Elsinore County

nytheatre.com review by Jane Titus
June 21, 2013

Well, there is a reason that Hamlet is a seminal work in European literature. The situation and characters are strong and compelling.  The play has withstood many adaptations and spoofs. This latest stab at sending up this classic is Antony Raymond’s Elsinore County.  This company attacks the story of the Dane with great enthusiasm.  Sometimes they are wildly successful and other times they seem to get lost in the enjoyment of their own humor.

The strongest part of this production is a company of young talented actors.  New York is the center of the theatre in the United States because we have companies of actors like this – trained, talented and full of life.  The playwright and director Antony Raymond seemed to want to take the play all the way to farce. As I said, Hamlet is a strong piece and can withstand the shift from tragedy to farce; Raymond as writer and director is successful to varying degrees.

Usually to elevate a play to farce, the writer will take one or two main qualities of the character and over-exaggerate them. Polonius instead of being the old windbag becomes more of a political Machiavelli which is appropriate with a younger actor playing the role.  Nick Hetherington gives us a lovely generous Polonius with a dark and twisted political underbelly. It plays very well.  Claudius as portrayed by Benjamin Bauman is really effective as a rather vapid Claudius who simply was a “douche bag” to quote the program.

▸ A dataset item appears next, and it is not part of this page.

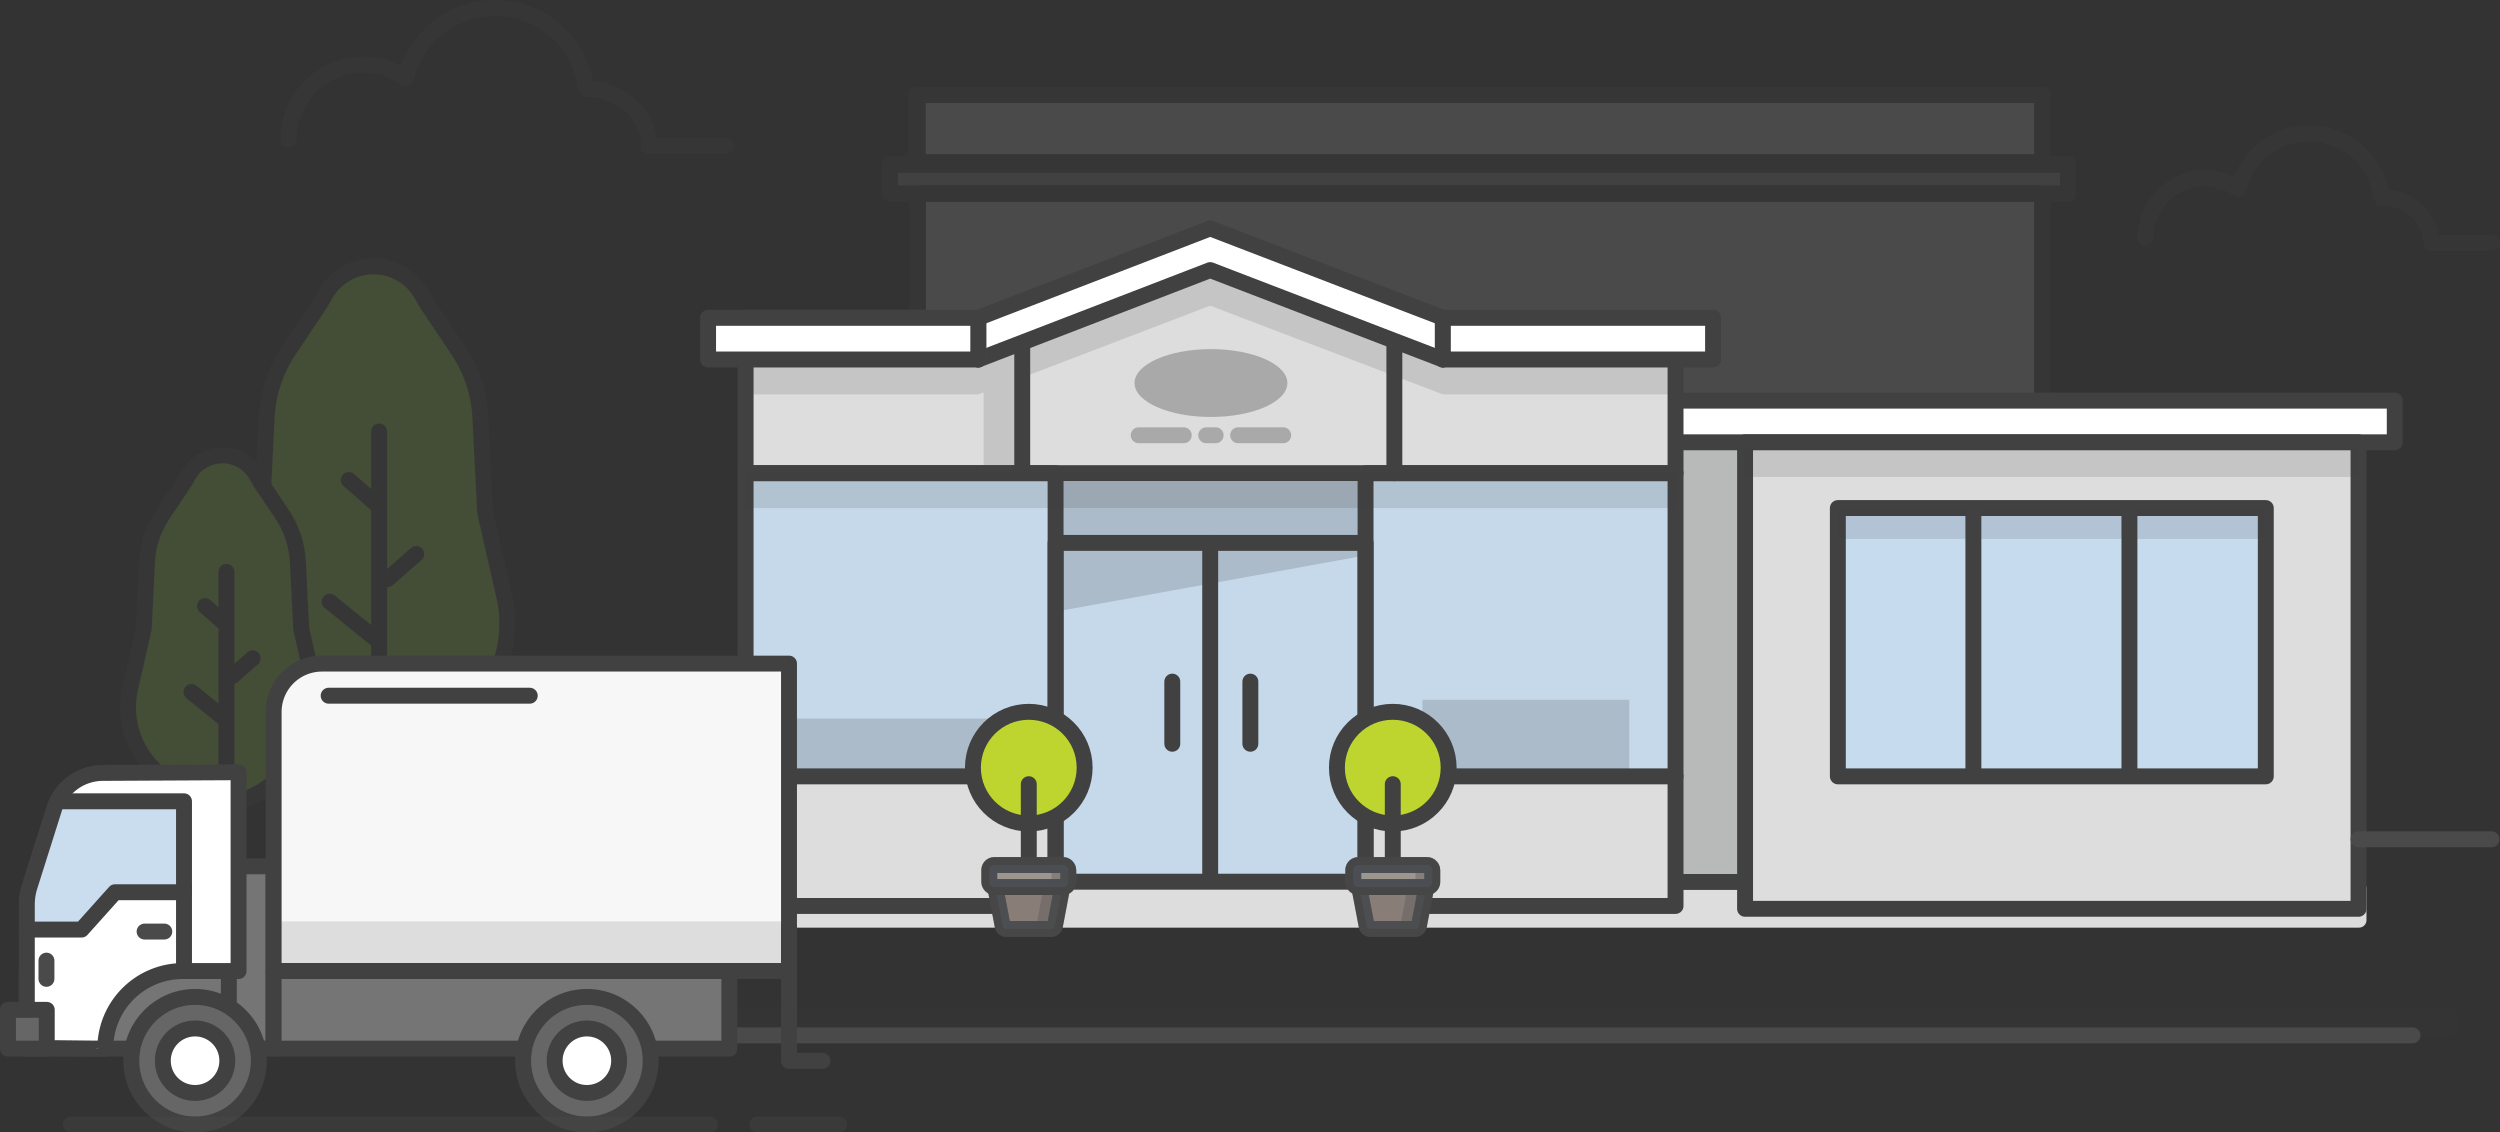 <svg xmlns="http://www.w3.org/2000/svg" viewBox="0 0 314 142.236"><rect x="0" y="0" width="314" height="142.236" fill="#333333" stroke="none"/><g id="Layer_2" data-name="Layer 2"><g id="Layer_5" data-name="Layer 5"><rect x="11.264" y="126.539" width="297.519" height="3.503" rx="1.146" fill="#414141" opacity="0.15"/><g opacity="0.15"><rect x="111.797" y="20.716" width="147.937" height="3.606" fill="#929497" stroke="#4a4a4a" stroke-linecap="round" stroke-linejoin="round" stroke-width="2"/><rect x="115.023" y="11.935" width="141.495" height="8.429" fill="#d0d2d3" stroke="#4a4a4a" stroke-linecap="round" stroke-linejoin="round" stroke-width="2"/><rect x="115.275" y="24.322" width="141.242" height="60.819" fill="#d0d2d3" stroke="#4a4a4a" stroke-linecap="round" stroke-linejoin="round" stroke-width="2"/><polyline points="256.517 85.14 115.275 85.14 115.275 24.322 256.517 24.322 256.517 84.771" fill="none" stroke="#4a4a4a" stroke-linecap="round" stroke-linejoin="round" stroke-width="2"/><rect x="115.275" y="11.935" width="141.242" height="8.638" fill="none" stroke="#4a4a4a" stroke-linecap="round" stroke-linejoin="round" stroke-width="2"/><rect x="111.797" y="20.573" width="147.937" height="3.749" fill="none" stroke="#4a4a4a" stroke-linecap="round" stroke-linejoin="round" stroke-width="2"/></g><rect x="93.648" y="110.6" width="203.582" height="5.911" rx="0.935" fill="#ddd"/><rect x="206.068" y="52.935" width="16.838" height="57.841" fill="#b8b9b9" stroke="#414141" stroke-linecap="round" stroke-linejoin="round" stroke-width="2"/><rect x="203.663" y="50.317" width="97.118" height="5.236" fill="#fff" stroke="#414141" stroke-linecap="round" stroke-linejoin="round" stroke-width="2"/><rect x="219.181" y="55.553" width="77.052" height="58.593" fill="#ddd" stroke="#414141" stroke-linecap="round" stroke-linejoin="round" stroke-width="2"/><rect x="219.181" y="56.024" width="77.052" height="3.88" fill="#414141" opacity="0.15" style="isolation:isolate"/><rect x="230.833" y="63.812" width="53.75" height="33.697" fill="#e1ecf8"/><rect x="230.833" y="63.812" width="53.75" height="33.697" fill="#accae4" stroke="#414141" stroke-miterlimit="10" opacity="0.5"/><rect x="230.833" y="63.812" width="53.75" height="33.697" fill="none" stroke="#414141" stroke-linecap="round" stroke-linejoin="round" stroke-width="2"/><rect x="230.835" y="63.812" width="53.644" height="3.88" fill="#414141" opacity="0.15" style="isolation:isolate"/><line x1="206.068" y1="54.197" x2="206.068" y2="61.432" fill="none" stroke="#fff" stroke-linecap="round" stroke-linejoin="round" stroke-width="2"/><polygon points="210.447 113.786 171.547 113.786 171.523 111.025 132.534 111.025 132.623 113.786 93.648 113.786 93.648 39.919 124.204 39.919 152 29.067 179.319 39.919 210.447 39.919 210.447 113.786" fill="#ddd"/><polygon points="181.223 45.154 152 33.922 122.871 45.154 93.648 45.154 93.648 49.533 122.871 49.533 123.538 49.278 123.538 59.433 128.392 59.433 128.392 47.422 152 38.396 181.223 49.533 210.447 49.533 210.447 45.44 181.223 45.154" fill="#414141" opacity="0.15"/><polygon points="210.447 59.433 93.648 59.433 93.648 97.794 132.581 97.794 132.581 110.776 171.514 110.776 171.514 97.794 210.447 97.794 210.447 59.433" fill="#e1ecf8" opacity="0.8"/><polygon points="210.447 59.433 93.648 59.433 93.648 97.794 132.581 97.794 132.581 110.776 171.514 110.776 171.514 97.794 210.447 97.794 210.447 59.433" fill="#accae4" opacity="0.5"/><g opacity="0.5"><ellipse cx="152.095" cy="48.11" rx="9.6" ry="4.262" fill="#757576"/><line x1="143.019" y1="54.669" x2="148.68" y2="54.669" fill="none" stroke="#757576" stroke-linecap="round" stroke-miterlimit="10" stroke-width="2"/><line x1="155.509" y1="54.669" x2="161.17" y2="54.669" fill="none" stroke="#757576" stroke-linecap="round" stroke-miterlimit="10" stroke-width="2"/><line x1="151.503" y1="54.669" x2="152.687" y2="54.669" fill="none" stroke="#757576" stroke-linecap="round" stroke-miterlimit="10" stroke-width="2"/></g><polygon points="171.514 69.76 132.581 76.823 132.581 60.48 171.514 60.48 171.514 69.76" fill="#414141" opacity="0.2"/><rect x="178.653" y="87.892" width="25.987" height="9.043" fill="#414141" opacity="0.2"/><rect x="99.74" y="90.255" width="32.841" height="6.969" fill="#414141" opacity="0.2"/><rect x="93.648" y="59.433" width="38.933" height="54.354" fill="none" stroke="#414141" stroke-linecap="round" stroke-linejoin="round" stroke-width="2"/><rect x="171.514" y="59.433" width="38.933" height="54.354" fill="none" stroke="#414141" stroke-linecap="round" stroke-linejoin="round" stroke-width="2"/><rect x="132.581" y="68.19" width="38.933" height="42.55" fill="none" stroke="#414141" stroke-linecap="round" stroke-linejoin="round" stroke-width="2"/><line x1="93.648" y1="97.509" x2="132.581" y2="97.509" fill="none" stroke="#414141" stroke-linecap="round" stroke-linejoin="round" stroke-width="2"/><line x1="171.514" y1="97.509" x2="210.446" y2="97.509" fill="none" stroke="#414141" stroke-linecap="round" stroke-linejoin="round" stroke-width="2"/><line x1="152" y1="110.6" x2="152" y2="68.19" fill="none" stroke="#414141" stroke-linecap="round" stroke-linejoin="round" stroke-width="2"/><line x1="147.24" y1="85.61" x2="147.24" y2="93.416" fill="none" stroke="#414141" stroke-linecap="round" stroke-linejoin="round" stroke-width="2"/><line x1="157.045" y1="85.61" x2="157.045" y2="93.416" fill="none" stroke="#414141" stroke-linecap="round" stroke-linejoin="round" stroke-width="2"/><polygon points="122.871 39.664 152 28.813 181.223 40.251 181.223 44.9 152 33.667 122.871 44.9 122.871 39.664" fill="#fff"/><polygon points="210.447 39.919 181.223 39.919 152 28.686 122.871 39.919 93.648 39.919 93.648 59.433 210.447 59.433 210.447 39.919" fill="none" stroke="#414141" stroke-linecap="round" stroke-linejoin="round" stroke-width="2"/><polyline points="181.223 45.154 152 33.922 122.871 45.154" fill="none" stroke="#414141" stroke-linecap="round" stroke-linejoin="round" stroke-width="2"/><line x1="122.871" y1="39.919" x2="122.871" y2="45.154" fill="none" stroke="#4a4a4a" stroke-linecap="round" stroke-linejoin="round" stroke-width="2"/><line x1="181.223" y1="39.919" x2="181.223" y2="45.154" fill="none" stroke="#4a4a4a" stroke-linecap="round" stroke-linejoin="round" stroke-width="2"/><line x1="128.392" y1="42.965" x2="128.392" y2="59.433" fill="none" stroke="#414141" stroke-linejoin="round" stroke-width="2"/><line x1="175.131" y1="42.965" x2="175.131" y2="59.433" fill="none" stroke="#414141" stroke-linecap="round" stroke-linejoin="round" stroke-width="2"/><rect x="88.935" y="39.919" width="33.937" height="5.236" fill="#fff" stroke="#414141" stroke-linecap="round" stroke-linejoin="round" stroke-width="2"/><rect x="181.223" y="39.919" width="33.937" height="5.236" fill="#fff" stroke="#414141" stroke-linecap="round" stroke-linejoin="round" stroke-width="2"/><rect x="93.648" y="59.433" width="116.894" height="4.379" fill="#414141" opacity="0.15" style="isolation:isolate"/><circle cx="129.215" cy="96.419" r="7.016" fill="#bfd52f" stroke="#414141" stroke-linecap="round" stroke-linejoin="round" stroke-width="2"/><line x1="129.215" y1="98.492" x2="129.215" y2="109.255" fill="none" stroke="#414141" stroke-linecap="round" stroke-linejoin="round" stroke-width="2"/><path d="M132.023,116.677h-5.616a.486.486,0,0,1-.478-.395l-1.092-5.733h8.755l-1.092,5.733A.486.486,0,0,1,132.023,116.677Z" fill="#998675" stroke="#4a4a4a" stroke-miterlimit="10" stroke-width="2"/><path d="M132.023,116.677h-5.616a.486.486,0,0,1-.478-.395l-1.092-5.733h8.755l-1.092,5.733A.486.486,0,0,1,132.023,116.677Z" fill="#616d7e" stroke="#414141" stroke-miterlimit="10" stroke-width="2" opacity="0.3"/><path d="M131.247,110.548,130.08,116.677h1.943a.486.486,0,0,0,.478-.395l1.092-5.733Z" fill="#4a4a4a" opacity="0.3"/><rect x="124.254" y="108.648" width="9.923" height="2.766" rx="0.629" fill="#c7b299" stroke="#4a4a4a" stroke-miterlimit="10" stroke-width="2"/><rect x="124.254" y="108.648" width="9.923" height="2.766" rx="0.629" fill="#616d7e" stroke="#414141" stroke-miterlimit="10" stroke-width="2" opacity="0.4"/><path d="M133.69,109.186h-2.11a.486.486,0,0,1,.486.486v.681a.486.486,0,0,1-.486.486h2.11a.486.486,0,0,0,.486-.486v-.681A.486.486,0,0,0,133.69,109.186Z" fill="#4a4a4a" opacity="0.3"/><circle cx="174.933" cy="96.419" r="7.016" fill="#bfd52f" stroke="#414141" stroke-linecap="round" stroke-linejoin="round" stroke-width="2"/><line x1="174.933" y1="98.492" x2="174.933" y2="109.255" fill="none" stroke="#414141" stroke-linecap="round" stroke-linejoin="round" stroke-width="2"/><path d="M177.741,116.677h-5.616a.486.486,0,0,1-.478-.395l-1.092-5.733h8.755l-1.092,5.733A.486.486,0,0,1,177.741,116.677Z" fill="#998675" stroke="#4a4a4a" stroke-miterlimit="10" stroke-width="2"/><path d="M177.741,116.677h-5.616a.486.486,0,0,1-.478-.395l-1.092-5.733h8.755l-1.092,5.733A.486.486,0,0,1,177.741,116.677Z" fill="#616d7e" stroke="#414141" stroke-miterlimit="10" stroke-width="2" opacity="0.3"/><path d="M176.965,110.548l-1.167,6.129h1.943a.486.486,0,0,0,.478-.395l1.092-5.733Z" fill="#4a4a4a" opacity="0.3"/><rect x="169.972" y="108.648" width="9.923" height="2.766" rx="0.629" fill="#c7b299" stroke="#4a4a4a" stroke-miterlimit="10" stroke-width="2"/><rect x="169.972" y="108.648" width="9.923" height="2.766" rx="0.629" fill="#616d7e" stroke="#414141" stroke-miterlimit="10" stroke-width="2" opacity="0.4"/><path d="M179.408,109.186h-2.11a.486.486,0,0,1,.486.486v.681a.486.486,0,0,1-.486.486h2.11a.486.486,0,0,0,.486-.486v-.681A.486.486,0,0,0,179.408,109.186Z" fill="#4a4a4a" opacity="0.3"/><line x1="247.857" y1="63.812" x2="247.857" y2="97.223" fill="none" stroke="#414141" stroke-miterlimit="10" stroke-width="2"/><line x1="267.457" y1="63.812" x2="267.457" y2="97.223" fill="none" stroke="#414141" stroke-miterlimit="10" stroke-width="2"/><g opacity="0.15"><path d="M73.723,11.182c4.302,0,7.789,3.201,7.789,7.151H91.106" fill="none" stroke="#4a4a4a" stroke-linecap="round" stroke-linejoin="round" stroke-width="2"/><path d="M50.645,9.576a9.379,9.379,0,0,0-14.403,7.918" fill="none" stroke="#4a4a4a" stroke-linecap="round" stroke-linejoin="round" stroke-width="2"/><path d="M50.969,9.785a11.534,11.534,0,0,1,22.616,1.086" fill="none" stroke="#4a4a4a" stroke-linecap="round" stroke-linejoin="round" stroke-width="2"/></g><g opacity="0.15"><path d="M299.203,24.835a5.945,5.945,0,0,1,6.183,5.676H313" fill="none" stroke="#4a4a4a" stroke-linecap="round" stroke-linejoin="round" stroke-width="2"/><path d="M280.885,23.561a7.444,7.444,0,0,0-11.432,6.285" fill="none" stroke="#4a4a4a" stroke-linecap="round" stroke-linejoin="round" stroke-width="2"/><path d="M281.143,23.727a9.155,9.155,0,0,1,17.95.862" fill="none" stroke="#4a4a4a" stroke-linecap="round" stroke-linejoin="round" stroke-width="2"/></g><line x1="24.746" y1="130.042" x2="303.02" y2="130.042" fill="none" stroke="#4a4a4a" stroke-linecap="round" stroke-linejoin="round" stroke-width="2"/><g opacity="0.2"><path d="M32.895,64.342l.593-11.863A16.767,16.767,0,0,1,36.28,43.984l3.722-5.549q.138-.206.264-.422l.543-.935a6.957,6.957,0,0,1,12.209,0l.543.935q.125.216.264.422l3.722,5.549a16.767,16.767,0,0,1,2.793,8.495l.593,11.863,2.381,10.462a15.322,15.322,0,0,1-5.626,15.702l-2.782,2.048a13.357,13.357,0,0,1-15.984,0l-2.782-2.048a15.322,15.322,0,0,1-5.626-15.702Z" fill="#88b33f" stroke="#414141" stroke-linecap="round" stroke-linejoin="round" stroke-width="2"/><line x1="52.28" y1="69.58" x2="48.685" y2="72.732" fill="#fff" stroke="#414141" stroke-linecap="round" stroke-linejoin="round" stroke-width="2"/><line x1="43.808" y1="60.291" x2="47.402" y2="63.443" fill="#fff" stroke="#414141" stroke-linecap="round" stroke-linejoin="round" stroke-width="2"/><line x1="41.405" y1="75.573" x2="47.167" y2="80.238" fill="#fff" stroke="#414141" stroke-linecap="round" stroke-linejoin="round" stroke-width="2"/><line x1="47.617" y1="54.193" x2="47.617" y2="111.084" fill="#fff" stroke="#414141" stroke-linecap="round" stroke-linejoin="round" stroke-width="2"/><path d="M18.045,78.986l.418-8.373a11.833,11.833,0,0,1,1.971-5.995l2.627-3.917q.098-.145.186-.298l.383-.66a4.91,4.91,0,0,1,8.617,0l.383.66q.088.152.186.298l2.627,3.917a11.834,11.834,0,0,1,1.971,5.995l.418,8.373,1.68,7.384a10.814,10.814,0,0,1-3.97,11.082l-1.963,1.446a9.427,9.427,0,0,1-11.281,0l-1.963-1.446a10.815,10.815,0,0,1-3.97-11.082Z" fill="#88b33f" stroke="#414141" stroke-linecap="round" stroke-linejoin="round" stroke-width="2"/><line x1="31.726" y1="82.683" x2="29.19" y2="84.908" fill="#fff" stroke="#414141" stroke-linecap="round" stroke-linejoin="round" stroke-width="2"/><line x1="25.747" y1="76.127" x2="28.284" y2="78.351" fill="#fff" stroke="#414141" stroke-linecap="round" stroke-linejoin="round" stroke-width="2"/><line x1="24.052" y1="86.913" x2="28.118" y2="90.205" fill="#fff" stroke="#414141" stroke-linecap="round" stroke-linejoin="round" stroke-width="2"/><line x1="28.436" y1="71.823" x2="28.436" y2="110.529" fill="#fff" stroke="#414141" stroke-linecap="round" stroke-linejoin="round" stroke-width="2"/></g><rect x="27.498" y="108.811" width="6.859" height="22.887" fill="#757576"/><rect x="27.498" y="108.811" width="6.859" height="22.887" fill="none" stroke="#414141" stroke-linecap="round" stroke-linejoin="round" stroke-width="2"/><rect x="34.369" y="121.963" width="57.239" height="9.745" fill="#757576"/><rect x="34.369" y="121.963" width="57.239" height="9.745" fill="none" stroke="#414141" stroke-linecap="round" stroke-linejoin="round" stroke-width="2"/><rect x="3.369" y="121.963" width="25.373" height="9.745" fill="#757576"/><rect x="3.369" y="121.963" width="25.373" height="9.745" fill="none" stroke="#414141" stroke-linecap="round" stroke-linejoin="round" stroke-width="2"/><path d="M99.099,121.952H34.369V89.42A6.071,6.071,0,0,1,40.44,83.349H99.099v38.603Z" fill="#f7f7f7"/><rect x="33.91" y="115.73" width="65.255" height="6.383" fill="#757576" opacity="0.2"/><path d="M99.099,121.952H34.369V89.42A6.071,6.071,0,0,1,40.44,83.349H99.099v38.603Z" fill="none" stroke="#414141" stroke-linecap="round" stroke-linejoin="round" stroke-width="2"/><path d="M29.962,96.99v24.973H22.97a9.745,9.745,0,0,0-9.745,9.745l0,.044-9.856-.247v-17.933a7.525,7.525,0,0,1,.344-2.22l3.108-9.834a6.426,6.426,0,0,1,6.127-4.44Z" fill="#fff"/><polygon points="7.271 100.669 3.559 112.301 3.311 116.756 10.241 116.756 14.449 112.054 23.111 112.054 23.033 100.781 7.271 100.669" fill="#e1ecf8" opacity="0.8"/><polygon points="7.271 100.669 3.559 112.301 3.311 116.756 10.241 116.756 14.449 112.054 23.111 112.054 23.033 100.781 7.271 100.669" fill="#accae4" opacity="0.5"/><circle cx="24.5" cy="133.225" r="8.011" fill="#666"/><circle cx="24.5" cy="133.225" r="8.011" fill="none" stroke="#414141" stroke-linecap="round" stroke-linejoin="round" stroke-width="2"/><circle cx="24.5" cy="133.225" r="4.051" fill="#fff"/><circle cx="24.5" cy="133.225" r="4.051" fill="none" stroke="#414141" stroke-linecap="round" stroke-linejoin="round" stroke-width="2"/><circle cx="73.713" cy="133.225" r="8.011" fill="#666"/><circle cx="73.713" cy="133.225" r="8.011" fill="none" stroke="#414141" stroke-linecap="round" stroke-linejoin="round" stroke-width="2"/><circle cx="73.713" cy="133.225" r="4.051" fill="#fff"/><circle cx="73.713" cy="133.225" r="4.051" fill="none" stroke="#414141" stroke-linecap="round" stroke-linejoin="round" stroke-width="2"/><polyline points="99.099 116.42 99.099 133.248 103.302 133.248" fill="none" stroke="#414141" stroke-linecap="round" stroke-linejoin="round" stroke-width="2"/><polyline points="7.363 100.642 23.111 100.642 23.111 112.063 14.449 112.063 10.241 116.756 3.369 116.756" fill="none" stroke="#414141" stroke-linecap="round" stroke-linejoin="round" stroke-width="2"/><path d="M29.962,96.99v24.973H22.97a9.745,9.745,0,0,0-9.745,9.745c0,.015-9.856-.102-9.856-.102v-18.034a7.525,7.525,0,0,1,.344-2.22l3.108-9.834a6.426,6.426,0,0,1,6.127-4.44Z" fill="none" stroke="#414141" stroke-linecap="round" stroke-linejoin="round" stroke-width="2"/><line x1="23.111" y1="111.559" x2="23.111" y2="121.954" fill="none" stroke="#414141" stroke-linecap="round" stroke-linejoin="round" stroke-width="2"/><line x1="18.161" y1="117.004" x2="20.636" y2="117.004" fill="none" stroke="#4a4a4a" stroke-linecap="round" stroke-linejoin="round" stroke-width="2"/><line x1="5.834" y1="120.654" x2="5.834" y2="122.944" fill="none" stroke="#4a4a4a" stroke-linecap="round" stroke-linejoin="round" stroke-width="2"/><rect x="1" y="126.836" width="4.873" height="4.872" fill="#666"/><rect x="1" y="126.836" width="4.873" height="4.872" fill="none" stroke="#414141" stroke-linecap="round" stroke-linejoin="round" stroke-width="2"/><line x1="41.278" y1="87.382" x2="66.538" y2="87.382" fill="none" stroke="#414141" stroke-linecap="round" stroke-linejoin="round" stroke-width="2"/><line x1="8.898" y1="141.236" x2="89.169" y2="141.236" fill="none" stroke="#4a4a4a" stroke-linecap="round" stroke-linejoin="round" stroke-width="2" opacity="0.3"/><line x1="95.118" y1="141.236" x2="105.398" y2="141.236" fill="none" stroke="#4a4a4a" stroke-linecap="round" stroke-linejoin="round" stroke-width="2" opacity="0.3"/><line x1="296.234" y1="105.416" x2="312.933" y2="105.416" fill="none" stroke="#4a4a4a" stroke-linecap="round" stroke-linejoin="round" stroke-width="2"/></g></g></svg>

This carries us through most of the play but undercuts a bit of the drama at the end.  The younger generation of characters as sort of witless college buddies also works well.  Laertes being in love with Hamlet moved the plot along in some interesting ways. 

This simplification of character did not work quite as well for the women.  Gertrude is presented as simply a whore – with no character much beyond a desire to drink and misbehave with men.  Ophelia is promiscuous.  Basically the script did not give these talented actresses much of anything else to play.  Reducing their characters to this oversimplified level was a bit disappointing.   The incest that is sometimes played or hinted at in Shakespeare’s Hamlet has some very true and real psychological basis.  In this version it seemed random and not organic to the plot.  Catherine Cobb Ryan as Gertrude transcended the writing and made me want to see so much more of her both as an actress and, as a Gertrude with perhaps a bit more to play. Endowing Ophelia with a contemporary personality gave J.J. Pyle some interesting colors to play as Ophelia.  The fall of Ophelia was not truly dealt with but some good strong strokes were taken to try to tell her story.  There was an interesting character added to the play, a conflation of Rosencrantz and Gildenstern called Rosenstern.  The role’s gender was also switched to a woman.  As played by Sara Antkowiak, she became an enigmatic Deus ex Machina filled with sex appeal.  I walked away wishing the writer had had more insight or compassion for the feminine characters in this story.

The original play, Hamlet, is driven by 5 complex and intriguing characters. Thinking of the play as a drama with the focus solely on Hamlet does a disservice to Claudius, Polonius, Gertrude and Ophelia.  The dramatic structure of the play is as strong as they come.  In this farcical version of the tragedy, they did not lean into the structure and given circumstances enough. In any future endeavors, I would encourage the playwright to trust the structure more and to be careful to make sure the abstractions he takes from the characters are central to those characters.  Even in a farce, the actual events of the story do need to take place. Sometimes in this production, the humor received more attention than the dramatic action.  This is a perilous mistake, for then the humor does not seem to have any purpose.

Interestingly enough, the play within the play was one of the strongest, funniest parts of the evening.  In that section, the production relied on the structure as given by Shakespeare.  The company updated the language and had a huge good time making the play into a Televisa episode.  It was brilliantly funny.  Eric Wdowiak as the Player Queen as portrayed by Laertes was simply delicious.

The staging for the production flowed well and they used the minimal stage effectively.  Costuming as designed by Necessary Objects supported the actors well.

Over all, the production rollicked along and a good time was had by the talented cast.  Perhaps splitting the jobs of writer and director might benefit a future production. Not all the humor in the play worked as intended and I think an outside eye as director would have caught this. Antony Raymond has succeeded in having four scripts produced in New York;  I hope he finds a director he can work with to help deepen and clarify his work. He is already capable of inventive writing and inspiring a very talented crew of actors.